There are probably good reasons for not doing so but if there are what art they?
Cheers
Stewart


----------



## plantman (Nov 7, 2015)

If you ever have to adjust, replace, or work on the pen you will never get it back out in one piece if you glue it in !!   Jim  S


----------



## furini (Nov 7, 2015)

plantman said:


> If you ever have to adjust, replace, or work on the pen you will never get it back out in one piece if you glue it in !!   Jim  S



But I should be able to pull out the nib and feed?


----------



## Skie_M (Nov 7, 2015)

Yes ... if you can't pull the nib and feed section out, you can't do your usual monthly maintenance and cleaning of your fountain pen ... the dried ink will keep fresh ink from flowing properly, and also keep you from re-filling a refillable ink cartridge.


It should be a nice firm friction fit, to keep excess ink from flowing out and keep too much air from getting to the ink and drying it out.


----------



## darrin1200 (Nov 8, 2015)

Rather than gluing it in, whay was recommended to me was a little pure silicone grease on the threads to seal it.


----------



## 79spitfire (Nov 10, 2015)

Many commercial pens have the sleeve that holds the nib and feed glued in. Montblanc actually uses a 'sealer' on the feed and nib to prevent customers from 'adjusting' nibs. Carefully done the nib and feed should still be removable. 

Are you having trouble with them unscrewing, or are you trying to avoid tapping the section?


----------



## edstreet (Nov 11, 2015)

Perhaps Jeff can give us some sage wisdom on proper fountain nib usage and weight in on the glue topic.


----------



## jeff (Nov 11, 2015)

edstreet said:


> Perhaps Jeff can give us some sage wisdom on proper fountain nib usage and weight in on the glue topic.

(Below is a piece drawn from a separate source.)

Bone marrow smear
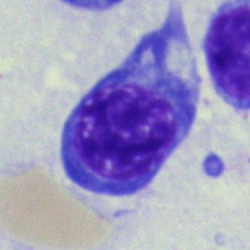Cell type: nucleated red blood cell.

Why would you say that Ed? I've never claimed to have any such knowledge.

I deleted your post because I didn't like your response of "non intelligent" directed at the posters question.  It was unnecessary. I consider comments like that to contribute to a climate of hostility.

What's your point by calling me out?


----------



## furini (Nov 11, 2015)

Thanks for the extra contributions - I asked because I was thinking of doing it without having to buy a new tap as I've found cheap nibs, feeds and holders (total cost £0.65!).  I know they're not going to be great pens but I've had a go with a converter stuck on the end before making a pen from the components and it writes ok.  They're going to be gifts to my students - can't run to £300 for decent Bock nibs for all of them!

I was sure I'd come across some kits where the nib and feed had the holder glued into the section, but as it is, I've ordered a tap from Mike which is nearly the right size.  I need 6.4 x .5 and have ordered a 6.5 x.5 as I can't find the 6.4 one anywhere.  It'll make each pen cost me a £1 more which I can live with.

Cheers

Stewart


----------